- We recommend setting thread number equal to cpu_cores_number. If your machines have enough memory and cpu cores, use as less machines as possible to reduce network communication.
- If the task contains lots of categorical features, and most of the features are sparse, you can filter the features whose frequency of occurrence is less than "feature.filter_threshold", or provide a custom feature dictionary via setting "model.dict_path" and "model.need_dict".

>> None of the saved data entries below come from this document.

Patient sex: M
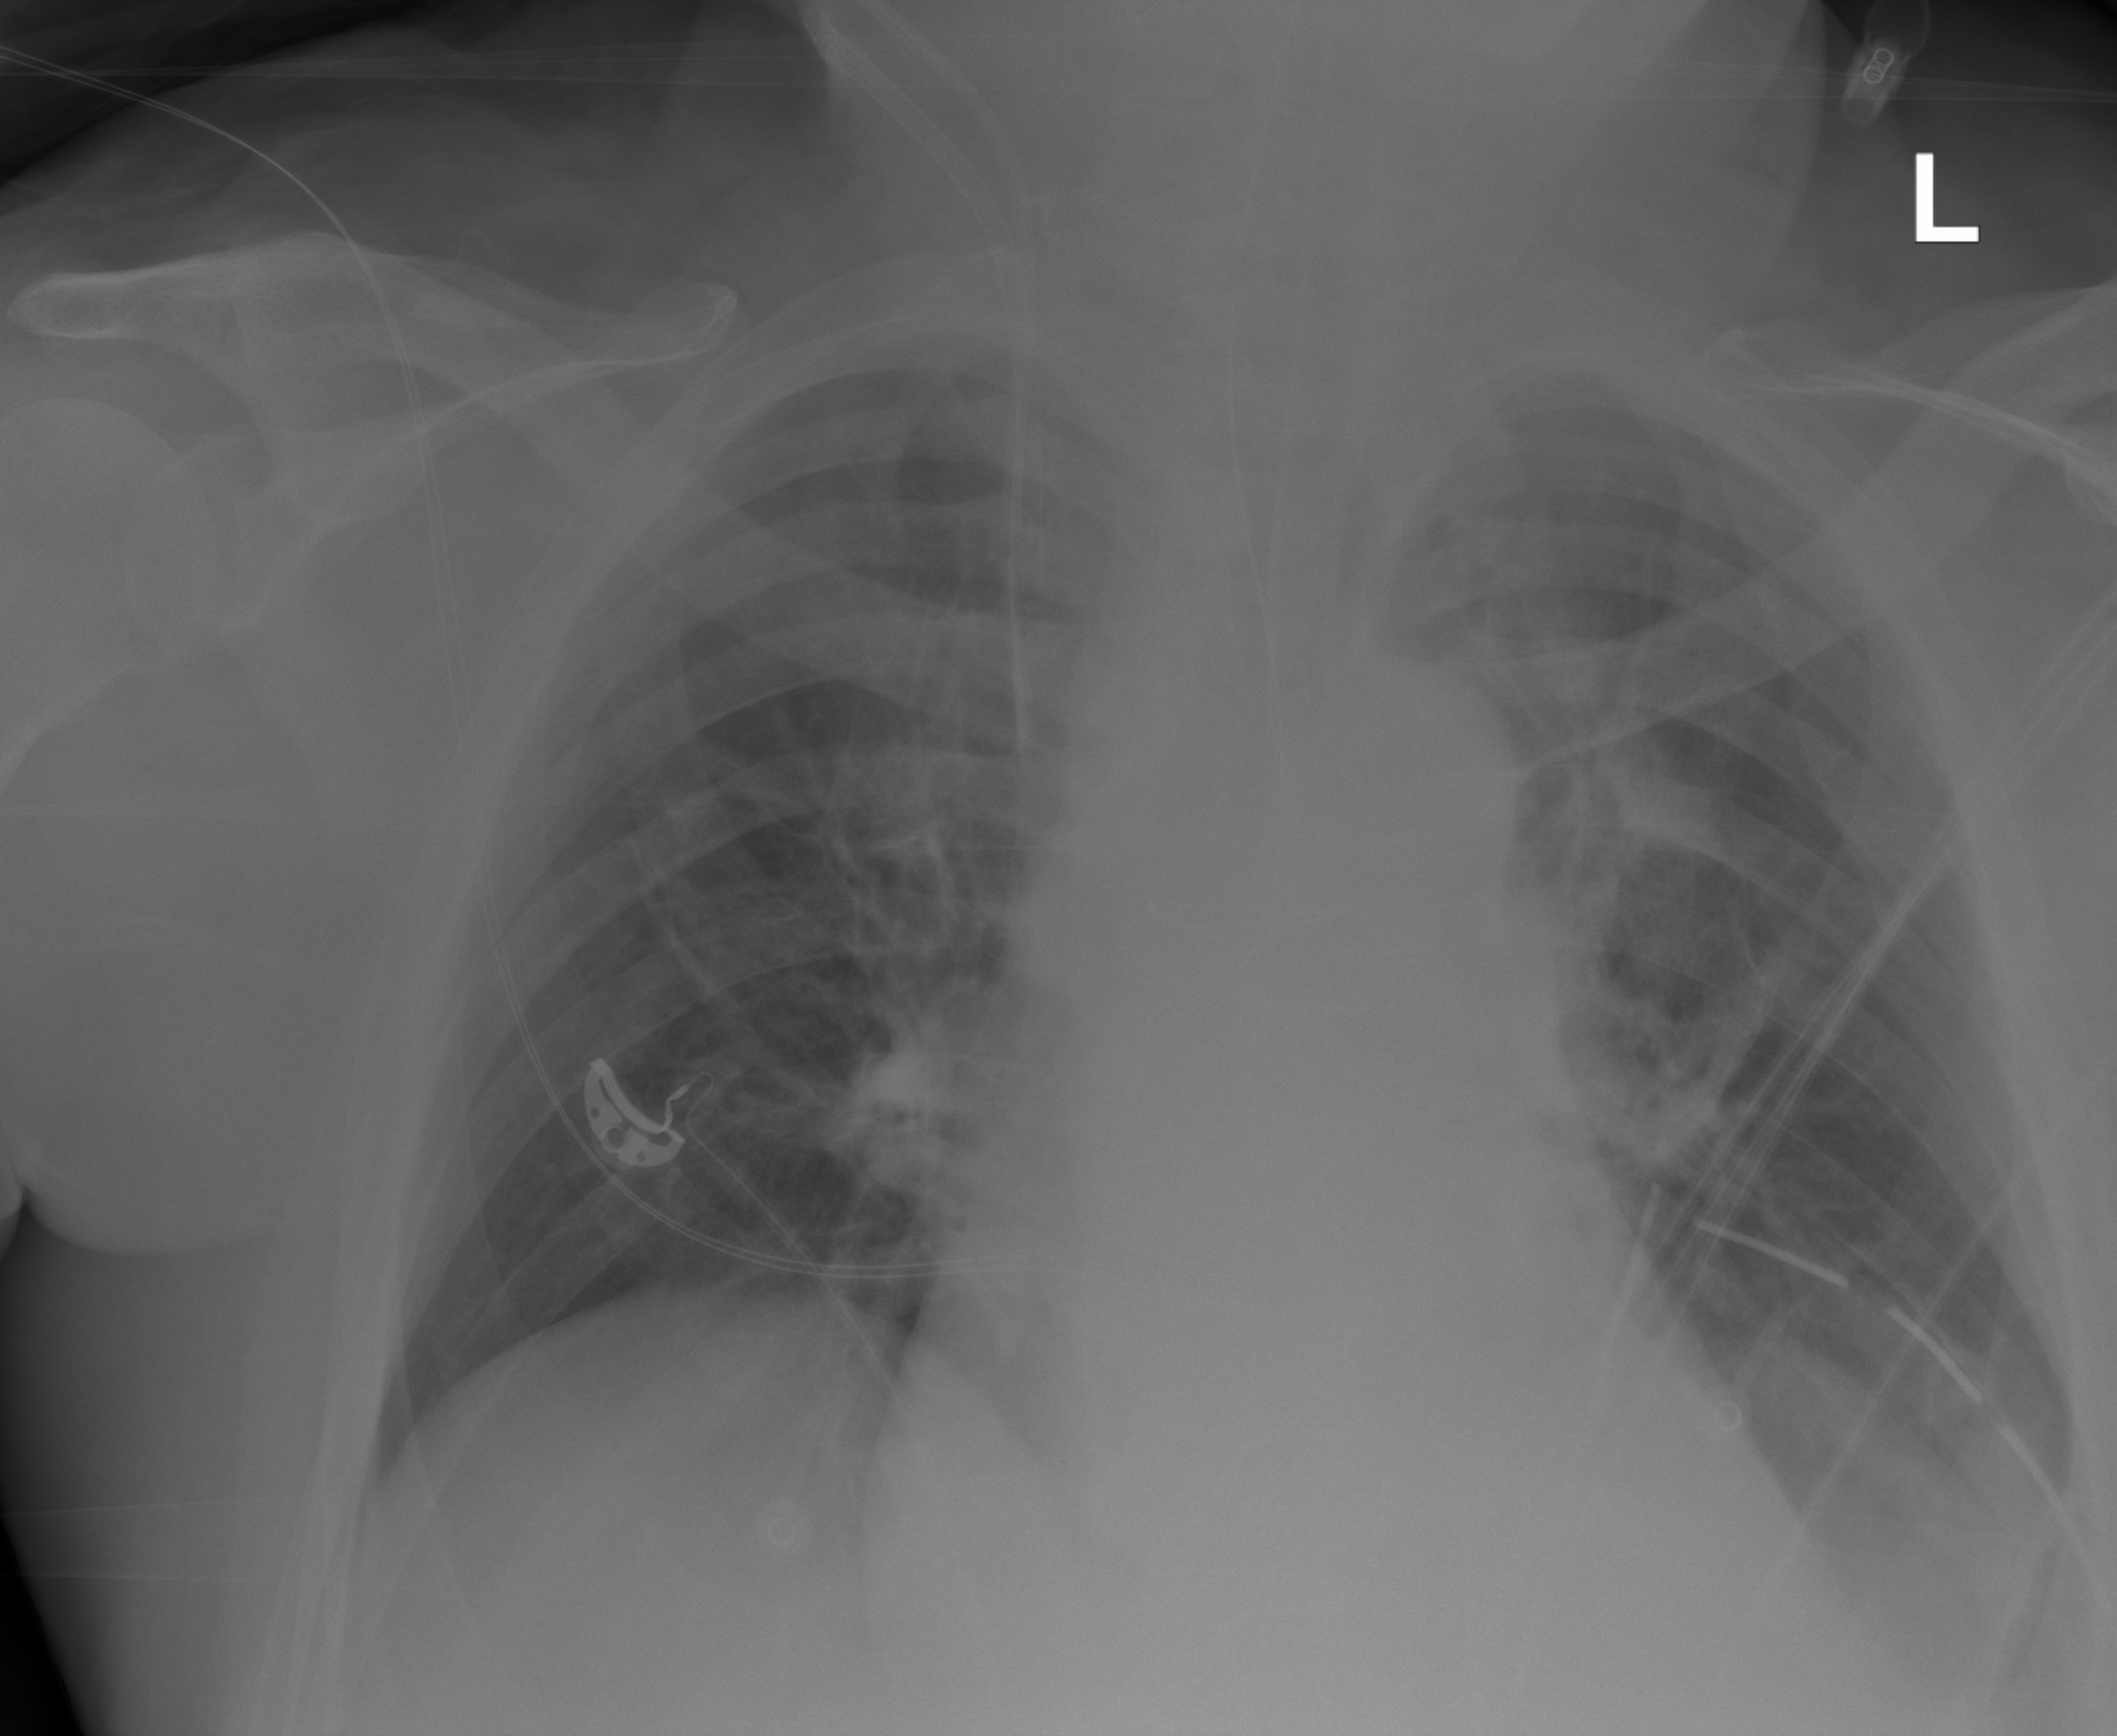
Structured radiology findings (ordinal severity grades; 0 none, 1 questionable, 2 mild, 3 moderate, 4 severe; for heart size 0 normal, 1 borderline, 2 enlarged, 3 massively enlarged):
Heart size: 2
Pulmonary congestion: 0
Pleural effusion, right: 0
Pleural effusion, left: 2
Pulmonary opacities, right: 0
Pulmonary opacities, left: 0
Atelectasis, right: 0
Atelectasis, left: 2
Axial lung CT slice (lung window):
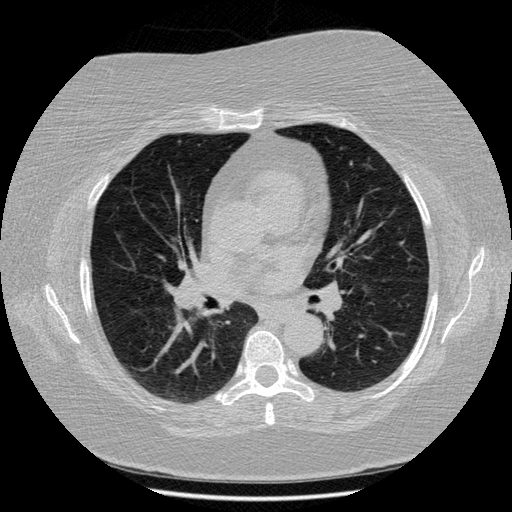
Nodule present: yes
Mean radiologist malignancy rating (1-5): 3.25
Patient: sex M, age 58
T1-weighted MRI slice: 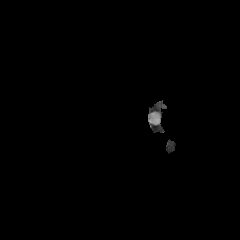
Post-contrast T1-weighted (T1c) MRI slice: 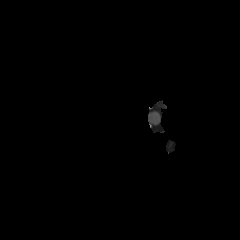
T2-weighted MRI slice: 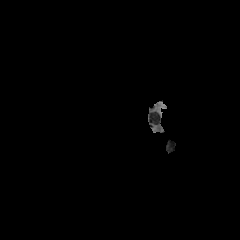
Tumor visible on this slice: no
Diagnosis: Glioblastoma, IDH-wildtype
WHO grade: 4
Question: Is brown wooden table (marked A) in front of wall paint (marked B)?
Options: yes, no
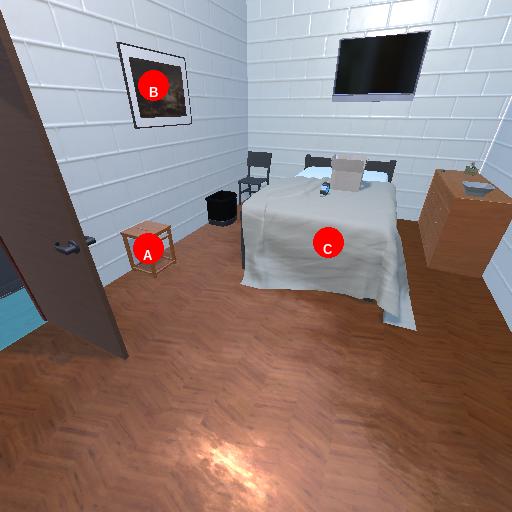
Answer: yes
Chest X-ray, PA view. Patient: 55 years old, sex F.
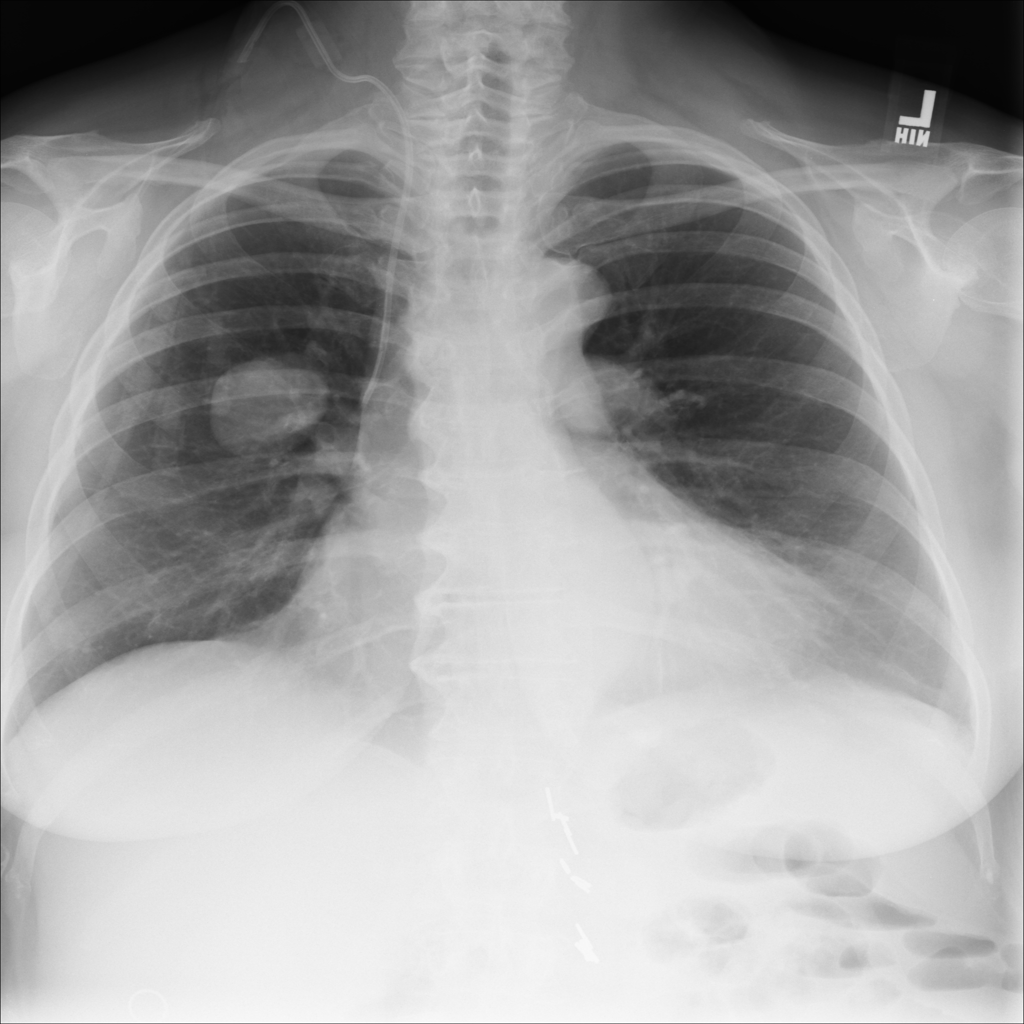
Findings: No Finding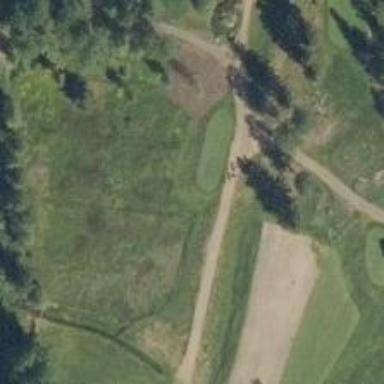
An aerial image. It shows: Service road designated as golf cart path.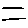
Label: line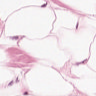
Metastatic tissue present: no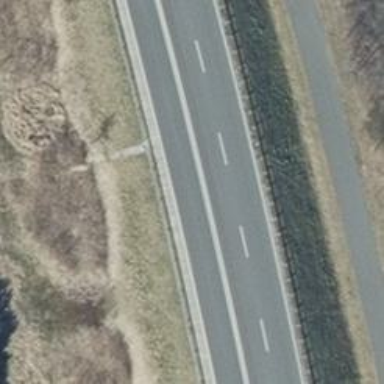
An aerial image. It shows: Asphalt motorway of trunk classification.
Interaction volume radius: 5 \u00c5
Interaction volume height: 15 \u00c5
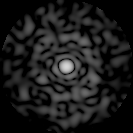
Disorder parameter: 0.8351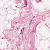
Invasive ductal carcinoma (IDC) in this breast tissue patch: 0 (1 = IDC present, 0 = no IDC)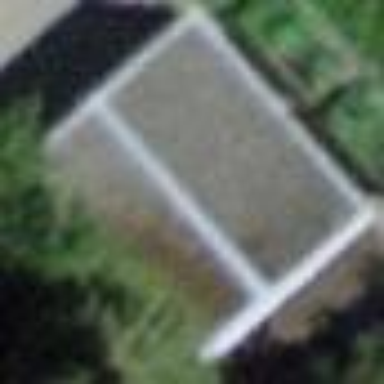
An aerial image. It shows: Garage building.
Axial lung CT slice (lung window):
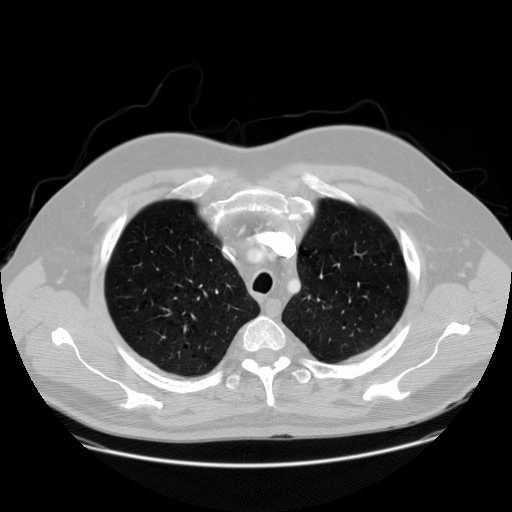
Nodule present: no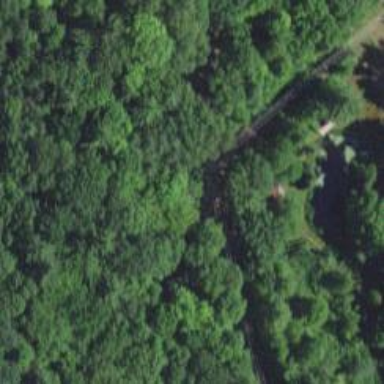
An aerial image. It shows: Abandoned historic railway siding.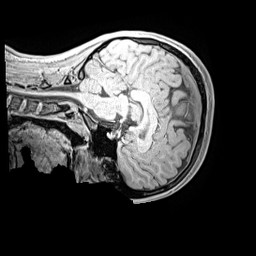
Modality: MP2RAGE
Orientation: sagittal
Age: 12
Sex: female
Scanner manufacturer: siemens
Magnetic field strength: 3 T
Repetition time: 4 s
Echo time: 0.00299 s
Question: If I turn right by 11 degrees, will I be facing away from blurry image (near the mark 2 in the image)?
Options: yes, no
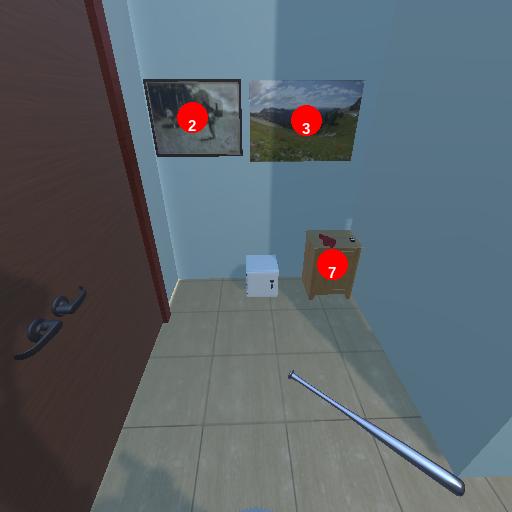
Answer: yes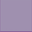
Piece: xx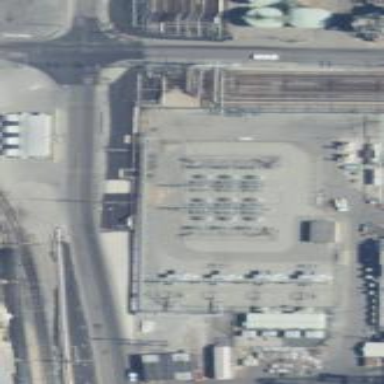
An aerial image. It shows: Power substation surrounded by fence.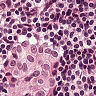
Metastatic tissue present: yes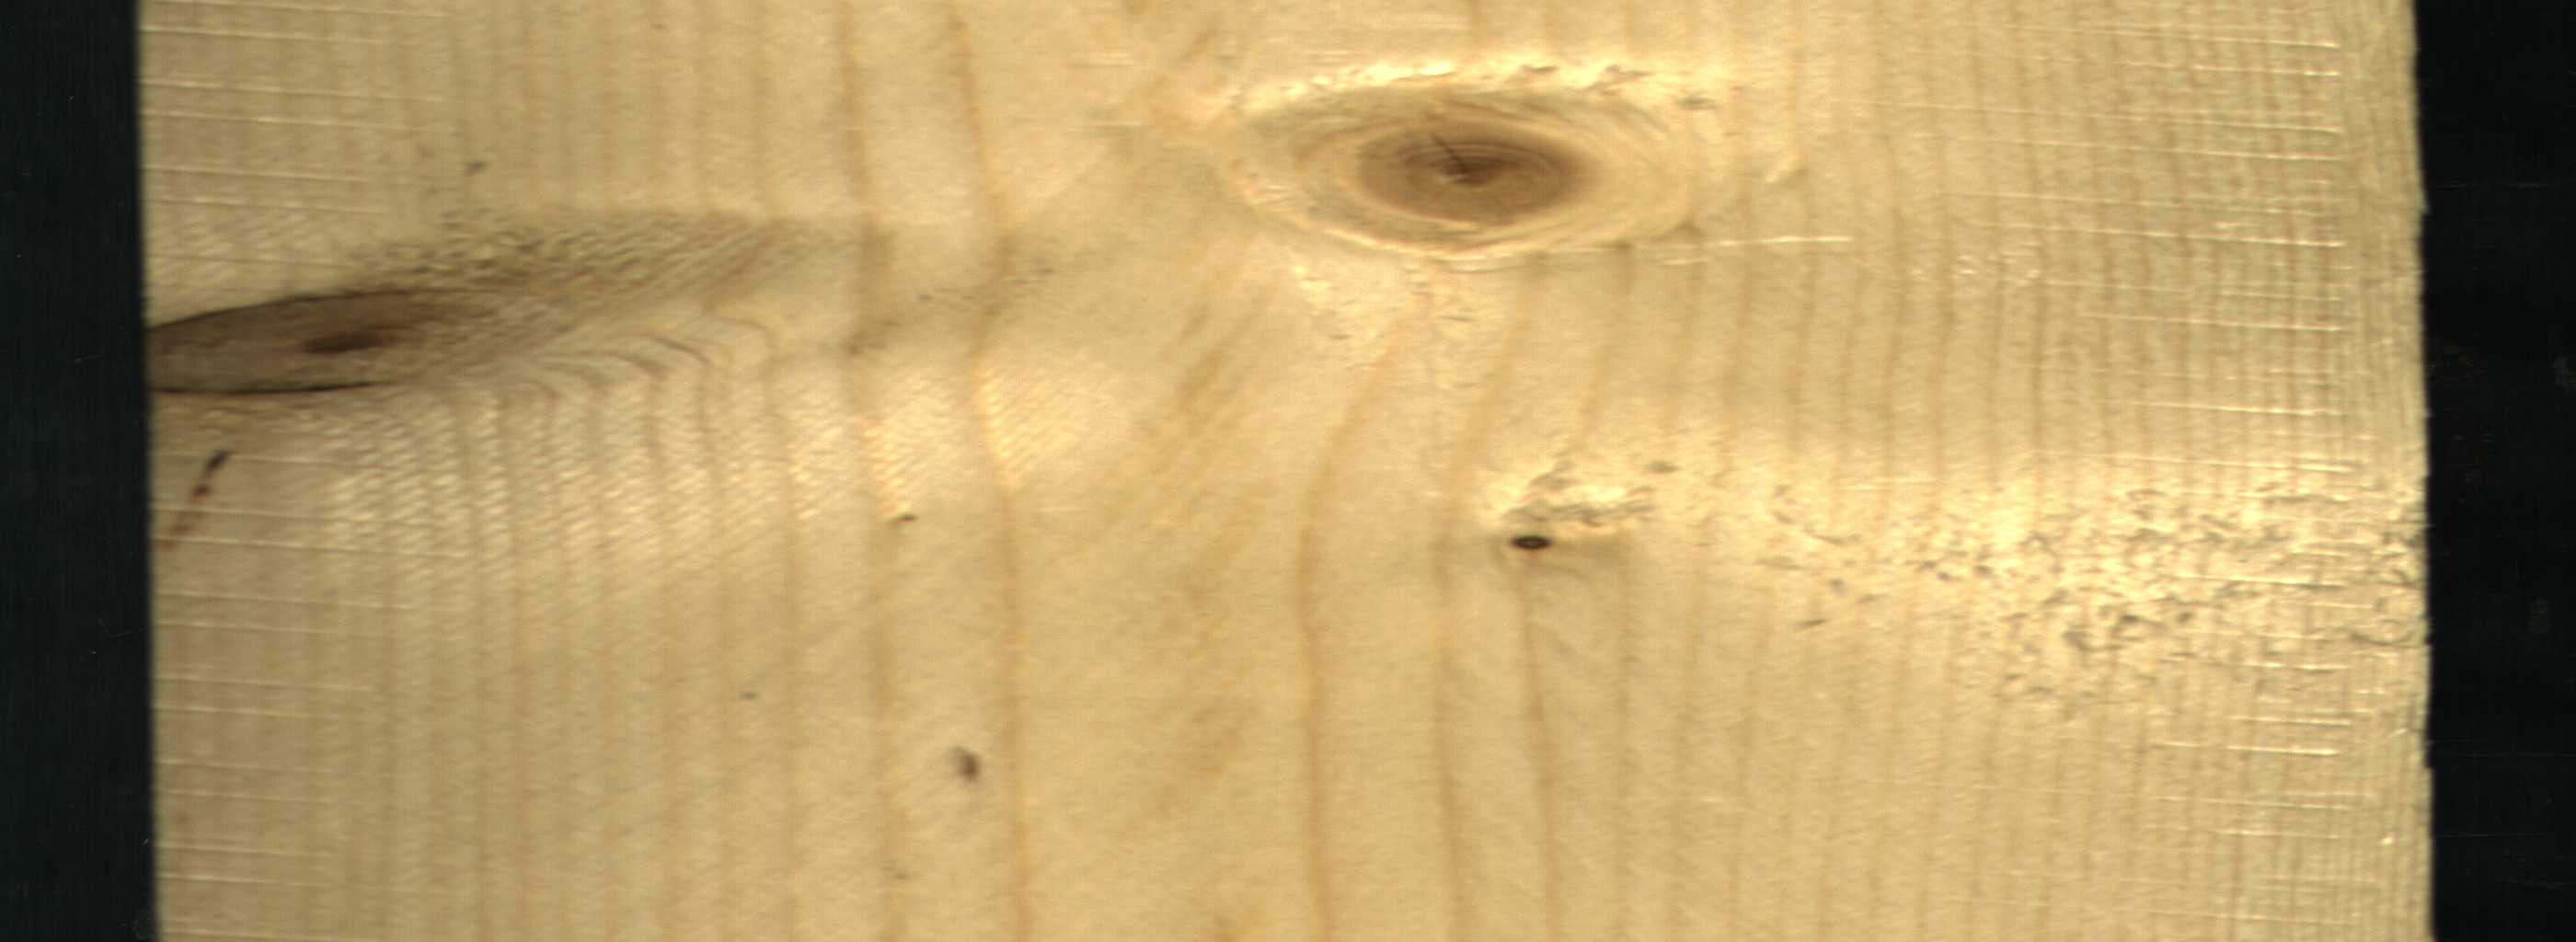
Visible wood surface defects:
Dead_Knot
Live_Knot
Live_Knot

- If your feature dim is huge, training will procede very slowly. You can use feature hash to reduce dim at a fraction of cost via setting "feature.feature_hash" except for gbdt.
- If the classification task has serious imbalanced dataset,you can set "data.y_sampling" in model configuration to reduce the number of samples. For instance, CTR prediction scene usually has large proportion of negative samples,“y_sampling : [[email protected]]” means that it reserves 10% of negative samples randomly, and those reserved negative samples enlarge 10x weight as compensation.
- Complex models(fm, ffm, gbst) have more parameters to optimize, so before training complex models, you can use linear model with l1 regularization to perform feature selection, set "model.dict_path" with linear model dict(saved in the same directory with model file).
- In GBDT, If the number features is large, use feature-parallel training. If the number of data is large, use data-parallel training. In mose cases, when you use data-parallel training, the smaller the number of feature bins is, the faster the training process will be, meanwhile, the model will be less accurate.
- The nonlinear ability of models in ytk-learn: gbdt > gbhmlr > gbhsdt > gbmlr > gbsdt > ffm > fm > linear, but use simpler model as much as possible if it meets your need.
- Many learning algorithms(e.g. l1, l2 regularization) assume that features are centered around zero and have variance in the same order, so using feature transformation wil help via setting "feature.transform" except for gbdt.
- Generally speaking, if the feature number is less than 1000, use gbdt as much as possible.
Use "tail -f log/master.log | grep "train loss" and "tail -f log/master.log | grep "test loss" to monitor whether or not your model is overfitting or underfitting. If your model is overfitting, here are some tips for you:
- adding regularization is a powerful method to avoid over-fitting. Ytk-learn provides grid search and hoag two hyperparameter optimization methods except for gbdt. If your model is convex, using hoag can find optimal hyper parameters faster.
- early stopping
- decease "optimisation.line_search.lbfgs.convergence.max_iter" value.
- increase "optimisation.line_search.lbfgs.convergence.eps" value.
- increase regularizations: increase "loss.regularization.l1/l2" value.
- decease model complexity:
- fm/ffm: reduce latent factor size("k").
- gbst
- reduce mixture number("k").
- add randomness to make training robust("subsample", "feature_sample_rate").
- gbdt
- reduce tree max depth("optimization.max_depth").
- decrease maximum leaf count("optimization.max_leaf_cnt").
- increase minimum hessian sum in a leaf("optimization.min_child_hessian_sum").
- increase minimum number of samples to make a split("optimization.min_split_samples").
- add randomness to make training robust("instance_sample_rate", "feature_sample_rate").